### Records supplied

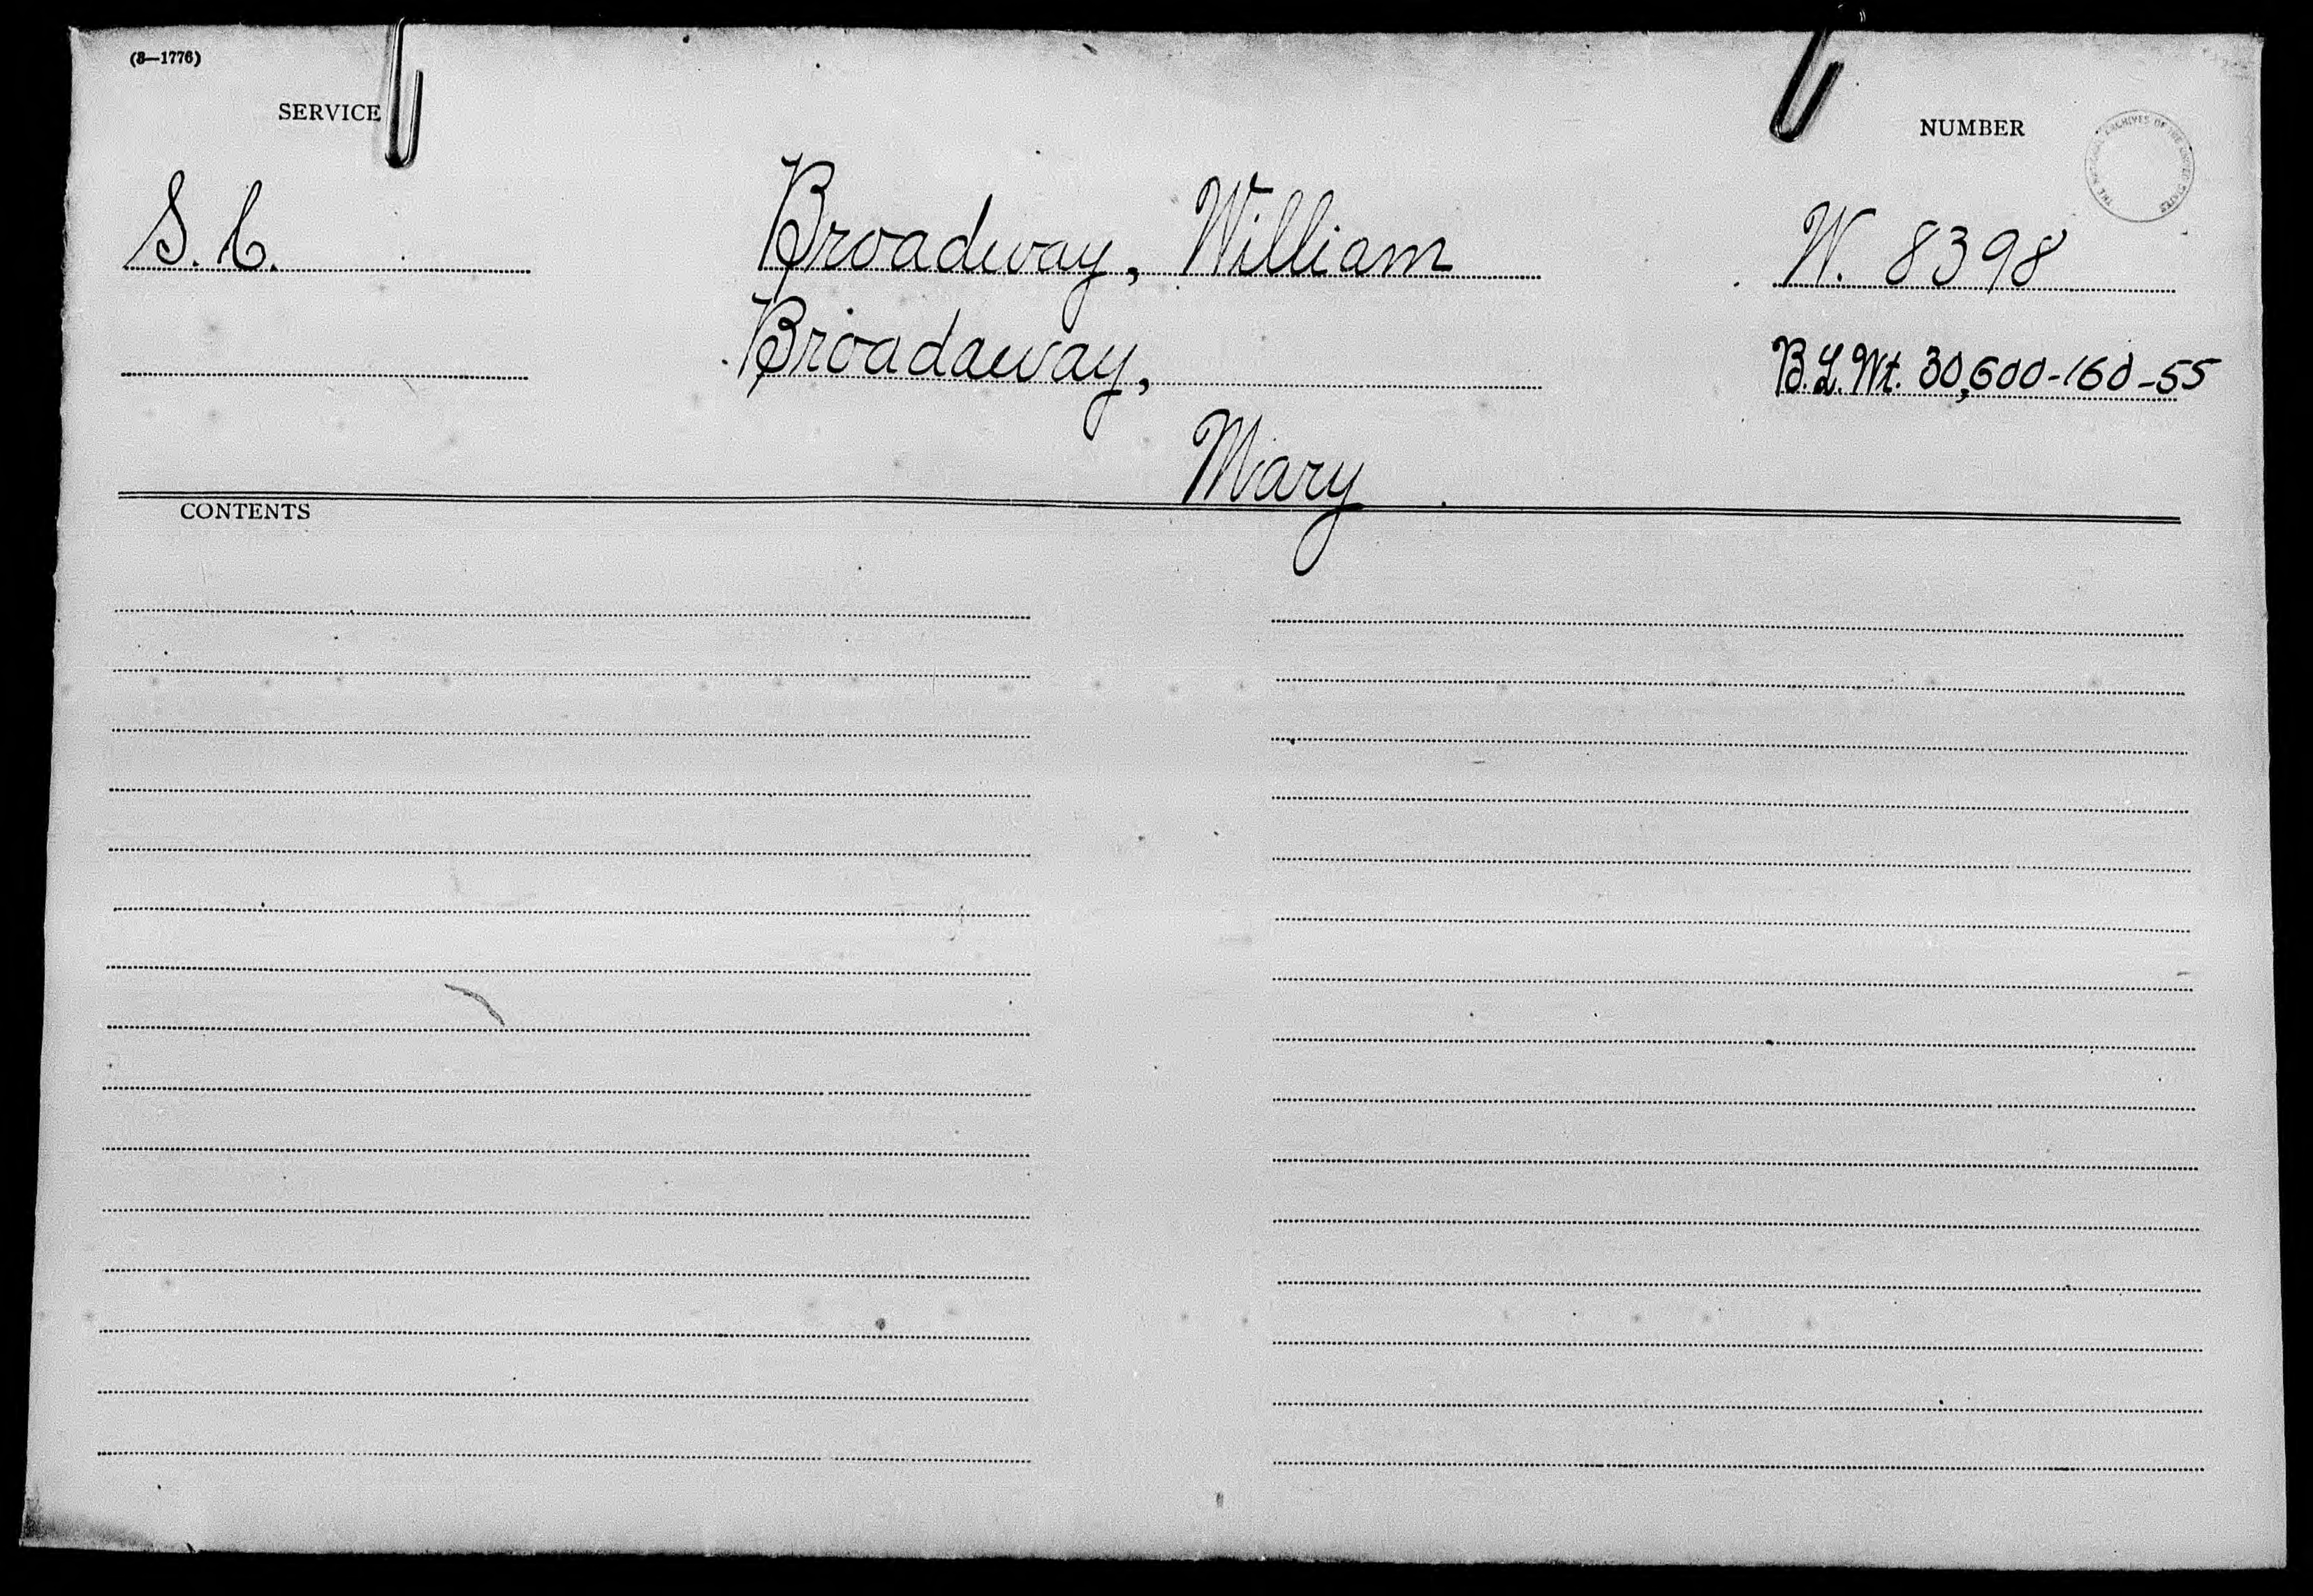(3-1776)

SERVICE    
S.C. 

Broadway, William 
Broadaway,              
Mary

NUMBER
W. 8398
B. L. Wt. 30,600-160-55

CONTENTS


[stamp in upper right corner]
THE NATIONAL ARCHIVES OF THE UNITED STATES

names: William Broadaway
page: 1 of 98
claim: widow's
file: W. 8398, William Broadway, S.C.

######

Required work: Give the material again exactly as it is, but keep the pictures out.

Worked solution:
(3-1776)

SERVICE    
S.C. 

Broadway, William 
Broadaway,              
Mary

NUMBER
W. 8398
B. L. Wt. 30,600-160-55

CONTENTS


[stamp in upper right corner]
THE NATIONAL ARCHIVES OF THE UNITED STATES

names: William Broadaway
page: 1 of 98
claim: widow's
file: W. 8398, William Broadway, S.C.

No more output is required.